我和螺丝多少放下了点儿戒备,我们把手也从裤兜里拿了出来。
“相信我,你们的敌人不是我。”那指挥官说。
“你为什么跟着我们?”螺丝说。
“你们也是抵抗军吗?”那人没有回答螺丝的话,而是反问了螺丝一句。
螺丝点了点头。
“那正好,我们是同行了。”那人笑了:“你们是什么时候被袭击的?”
“距离现在,最多二十分钟。”螺丝说。
“那,跟我们被袭击的时间,不差多少,”那人沉吟着:“几乎,是同时。”
“向家是一起发起袭击的。”螺丝说:“看来,向家要对这个世界的抵抗军,做一次围剿了,很不幸,这次是我们。”
“你们还有其他抵抗军的消息吗?”那人问。
“目前还没有。”螺丝摇摇头。
经过这一会儿的对话,气氛开始缓和了一些。那人的口气,不像是敌人的样子。
“你是指挥官,对吧?”那人问螺丝,他一定是看出了螺丝身上的军装。
“是。”
“那,他呢?”那人指着我,问:“他是战士吗?”
“是的。”
“我看他不像,他完全是个新手。”那人说。
“你看我像新手?”我说话了:“那你要不要试试?”
我这句话的意思是,你看我像个新人,我就给你点颜色看看,让你知道,我是不是新人。
在这个世界,被人当做新人,也就意味着,别人要欺负你,或者是掠夺走你的资源。
这才是最可怕的事儿。
所以我当然不能被人认出是新人。
“你明明就是新人,再怎么装,也没用。”那人说:“不好意思,我一眼就看出你了。”
我再没有废话,直接从兜里掏出了手枪,一个箭步冲上去,手枪顶到了那人的脑门上,眉心中间的位置。
“给老子说话放尊重点儿,”我恶狠狠地说:“要不然老子现在就爆了你的头。”
一边的螺丝看着我们冲突,表情悠闲,一点也没有要上来干涉的意思。
“年轻人,放松点儿,”虽然被我用枪指住了头,可那人一点害怕的意思都没有:“我不是你的敌人,不要用枪对着我。”
我看着他,没有放下手里的枪。
“首先,你是现实世界的人,对吧?”那人问。
我既没有承认,也没有否定。
在原始意识的世界里,人的来路有很多,有现实世界的人,还有未亡人,甚至,还有凭空被创造出来的人,那些人,只是意识。
而这些人,从表面上看,是没有任何区别的。
比如之前,我和李立一起来到原始意识,我是现实世界的人,李立是未亡人,但是我俩从外表上一模一样,一般人是无法分辨我们的。
那么,这个人,是怎么看出我是现实世界的人?
“还有,你不是第一次到原始意识里来。”那人接着说。
“你还知道些什么?”我问,我的枪口却始终没有放下来。
“我还知道,你这次来的目的。”那人用很肯定的口气说到。
“说出来我听听,”我笑了,越是被人看穿的时候,越是不能露怯:“说对了,什么事儿都没有,说错了,我让你的脑浆现在就出来。”

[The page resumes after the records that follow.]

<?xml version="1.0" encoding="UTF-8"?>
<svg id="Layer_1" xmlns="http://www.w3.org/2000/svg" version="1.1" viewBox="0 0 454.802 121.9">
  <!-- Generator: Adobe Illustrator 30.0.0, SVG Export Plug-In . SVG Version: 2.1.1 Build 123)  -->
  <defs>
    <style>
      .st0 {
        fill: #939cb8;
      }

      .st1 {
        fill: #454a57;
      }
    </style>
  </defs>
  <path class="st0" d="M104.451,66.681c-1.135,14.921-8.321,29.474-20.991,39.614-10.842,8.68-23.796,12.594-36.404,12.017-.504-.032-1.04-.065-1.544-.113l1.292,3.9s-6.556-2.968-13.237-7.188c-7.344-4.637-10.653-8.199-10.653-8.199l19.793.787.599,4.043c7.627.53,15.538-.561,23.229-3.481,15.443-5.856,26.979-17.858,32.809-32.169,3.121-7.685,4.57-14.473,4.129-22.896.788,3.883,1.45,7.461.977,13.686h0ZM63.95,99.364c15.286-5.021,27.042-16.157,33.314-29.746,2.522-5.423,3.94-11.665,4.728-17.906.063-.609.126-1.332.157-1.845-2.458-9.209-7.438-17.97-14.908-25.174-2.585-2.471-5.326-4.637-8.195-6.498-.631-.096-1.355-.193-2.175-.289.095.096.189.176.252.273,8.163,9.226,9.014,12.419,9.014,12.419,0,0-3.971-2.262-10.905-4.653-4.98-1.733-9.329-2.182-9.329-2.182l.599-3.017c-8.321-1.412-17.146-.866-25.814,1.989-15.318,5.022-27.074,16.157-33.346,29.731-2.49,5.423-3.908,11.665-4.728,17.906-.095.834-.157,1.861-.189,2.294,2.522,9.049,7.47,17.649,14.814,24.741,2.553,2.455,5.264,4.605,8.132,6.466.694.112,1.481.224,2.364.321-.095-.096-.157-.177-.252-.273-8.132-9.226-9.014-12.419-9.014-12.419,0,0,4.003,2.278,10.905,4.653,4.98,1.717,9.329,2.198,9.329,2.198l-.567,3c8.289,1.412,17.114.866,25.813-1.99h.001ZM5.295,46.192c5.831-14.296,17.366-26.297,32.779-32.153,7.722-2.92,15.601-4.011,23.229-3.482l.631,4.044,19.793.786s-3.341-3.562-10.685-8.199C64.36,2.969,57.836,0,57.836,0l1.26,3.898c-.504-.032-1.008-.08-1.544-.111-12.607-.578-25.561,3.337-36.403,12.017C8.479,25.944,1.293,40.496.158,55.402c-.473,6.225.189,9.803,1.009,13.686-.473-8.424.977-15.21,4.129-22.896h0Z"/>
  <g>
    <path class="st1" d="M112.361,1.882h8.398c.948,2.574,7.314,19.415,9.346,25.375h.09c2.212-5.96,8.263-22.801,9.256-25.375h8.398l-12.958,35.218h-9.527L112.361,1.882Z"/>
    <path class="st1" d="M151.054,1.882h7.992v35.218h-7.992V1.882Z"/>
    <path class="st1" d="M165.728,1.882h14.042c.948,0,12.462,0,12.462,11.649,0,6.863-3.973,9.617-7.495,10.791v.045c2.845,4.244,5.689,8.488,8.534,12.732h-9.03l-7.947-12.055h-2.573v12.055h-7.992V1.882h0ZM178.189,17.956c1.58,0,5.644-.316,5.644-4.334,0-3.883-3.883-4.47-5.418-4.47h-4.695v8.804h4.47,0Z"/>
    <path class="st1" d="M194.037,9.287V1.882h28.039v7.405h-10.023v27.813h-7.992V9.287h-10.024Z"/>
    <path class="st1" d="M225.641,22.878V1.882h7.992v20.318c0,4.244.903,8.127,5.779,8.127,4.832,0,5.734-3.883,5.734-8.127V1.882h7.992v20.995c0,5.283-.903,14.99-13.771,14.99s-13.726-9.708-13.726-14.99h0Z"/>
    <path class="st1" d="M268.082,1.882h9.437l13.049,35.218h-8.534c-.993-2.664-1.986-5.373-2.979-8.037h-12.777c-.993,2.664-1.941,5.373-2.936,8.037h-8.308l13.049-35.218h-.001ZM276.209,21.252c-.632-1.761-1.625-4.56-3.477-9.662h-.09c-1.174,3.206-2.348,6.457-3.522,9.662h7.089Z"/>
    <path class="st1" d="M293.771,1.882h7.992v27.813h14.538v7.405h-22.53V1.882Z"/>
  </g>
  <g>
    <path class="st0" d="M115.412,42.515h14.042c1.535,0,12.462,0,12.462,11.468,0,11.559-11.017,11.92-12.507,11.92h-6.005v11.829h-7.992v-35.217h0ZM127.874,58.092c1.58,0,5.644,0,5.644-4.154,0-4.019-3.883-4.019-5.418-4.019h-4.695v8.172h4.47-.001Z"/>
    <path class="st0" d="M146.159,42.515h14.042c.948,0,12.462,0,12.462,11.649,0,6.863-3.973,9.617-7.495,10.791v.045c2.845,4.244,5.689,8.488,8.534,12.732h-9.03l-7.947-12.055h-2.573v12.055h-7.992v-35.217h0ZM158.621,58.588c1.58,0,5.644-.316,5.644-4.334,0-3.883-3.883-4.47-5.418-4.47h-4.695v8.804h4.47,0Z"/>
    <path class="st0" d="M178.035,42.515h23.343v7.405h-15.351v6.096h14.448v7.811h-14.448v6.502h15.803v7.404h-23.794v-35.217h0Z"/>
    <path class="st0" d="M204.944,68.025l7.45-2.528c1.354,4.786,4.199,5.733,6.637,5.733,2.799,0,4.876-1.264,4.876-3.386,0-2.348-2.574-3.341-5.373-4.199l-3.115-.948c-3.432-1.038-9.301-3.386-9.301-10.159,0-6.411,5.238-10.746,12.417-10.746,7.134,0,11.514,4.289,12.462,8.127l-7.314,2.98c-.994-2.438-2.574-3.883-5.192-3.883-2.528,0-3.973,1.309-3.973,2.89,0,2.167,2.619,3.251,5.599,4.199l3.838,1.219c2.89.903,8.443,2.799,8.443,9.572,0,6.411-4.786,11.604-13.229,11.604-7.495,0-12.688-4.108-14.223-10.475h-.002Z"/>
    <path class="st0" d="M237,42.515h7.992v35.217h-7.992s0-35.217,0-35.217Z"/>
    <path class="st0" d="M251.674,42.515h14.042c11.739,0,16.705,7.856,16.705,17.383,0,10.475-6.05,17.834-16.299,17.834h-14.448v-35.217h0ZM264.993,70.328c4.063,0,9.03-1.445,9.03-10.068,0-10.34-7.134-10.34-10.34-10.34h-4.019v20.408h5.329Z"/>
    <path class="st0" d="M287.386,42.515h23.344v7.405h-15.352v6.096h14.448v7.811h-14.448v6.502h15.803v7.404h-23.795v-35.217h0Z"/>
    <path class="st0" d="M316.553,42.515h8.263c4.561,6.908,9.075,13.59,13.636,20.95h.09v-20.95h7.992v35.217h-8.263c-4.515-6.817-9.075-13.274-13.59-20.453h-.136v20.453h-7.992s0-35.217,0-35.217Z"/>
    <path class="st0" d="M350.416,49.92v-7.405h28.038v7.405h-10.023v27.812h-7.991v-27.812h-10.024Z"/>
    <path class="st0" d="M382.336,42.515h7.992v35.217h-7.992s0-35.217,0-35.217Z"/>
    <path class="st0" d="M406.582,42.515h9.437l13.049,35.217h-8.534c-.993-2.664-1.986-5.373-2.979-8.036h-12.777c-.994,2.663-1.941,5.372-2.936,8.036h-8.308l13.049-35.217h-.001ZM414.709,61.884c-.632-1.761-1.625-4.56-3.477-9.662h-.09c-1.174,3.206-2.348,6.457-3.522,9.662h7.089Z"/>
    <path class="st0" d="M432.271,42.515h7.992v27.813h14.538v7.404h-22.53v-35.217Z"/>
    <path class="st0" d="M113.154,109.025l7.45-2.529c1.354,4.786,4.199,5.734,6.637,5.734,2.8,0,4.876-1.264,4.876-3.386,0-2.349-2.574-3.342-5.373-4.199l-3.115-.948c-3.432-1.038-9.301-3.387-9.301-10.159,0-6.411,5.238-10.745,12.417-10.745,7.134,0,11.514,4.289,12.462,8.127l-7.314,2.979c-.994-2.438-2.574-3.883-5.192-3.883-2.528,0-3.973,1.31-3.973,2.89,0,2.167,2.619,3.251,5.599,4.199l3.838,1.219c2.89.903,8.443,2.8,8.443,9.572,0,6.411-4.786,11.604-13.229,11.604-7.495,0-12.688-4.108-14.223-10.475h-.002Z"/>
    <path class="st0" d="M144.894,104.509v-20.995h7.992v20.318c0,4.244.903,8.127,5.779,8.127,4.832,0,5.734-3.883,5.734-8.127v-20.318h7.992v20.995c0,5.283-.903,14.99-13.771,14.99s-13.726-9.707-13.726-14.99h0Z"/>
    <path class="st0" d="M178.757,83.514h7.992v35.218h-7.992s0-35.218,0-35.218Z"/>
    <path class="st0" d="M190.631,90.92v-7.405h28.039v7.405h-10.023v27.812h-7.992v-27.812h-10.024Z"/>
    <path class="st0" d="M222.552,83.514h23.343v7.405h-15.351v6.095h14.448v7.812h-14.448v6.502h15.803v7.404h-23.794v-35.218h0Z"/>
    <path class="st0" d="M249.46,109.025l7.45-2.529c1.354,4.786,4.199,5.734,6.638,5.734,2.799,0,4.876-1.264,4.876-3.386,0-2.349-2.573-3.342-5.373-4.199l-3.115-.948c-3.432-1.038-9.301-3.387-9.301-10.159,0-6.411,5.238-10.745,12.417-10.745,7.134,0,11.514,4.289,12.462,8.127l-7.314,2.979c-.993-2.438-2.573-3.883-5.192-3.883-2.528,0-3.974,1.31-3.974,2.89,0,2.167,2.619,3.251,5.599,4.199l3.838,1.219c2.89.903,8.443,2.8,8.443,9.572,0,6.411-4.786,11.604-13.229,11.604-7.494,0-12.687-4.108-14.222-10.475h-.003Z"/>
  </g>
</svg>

那人也笑了一下,看着我的眼睛,轻轻地说:“你是来找一个人的,对吗?”
我的心猛地一惊!这个人,他说出了我的目的!!
我这次来,就是要找到一个后备有纹身的女孩,这是我母亲交给我们的任务。
这个女孩,关系十分重大,只有找到她,才能破坏向家在这个世界的计划。
可是,这个消息是非常机密的,除了我,只有我母亲,李立还有韩雨薇知道。
那,这个人,是怎么知道的??
他到底是谁?
“你是什么人?!”我问他,我的声音已经不像刚才那么冷静了。
“想知道我是谁,你得把枪放下。”
我想了想,放下了枪,那个人看着我,伸手到自己的脸上,抹了几把。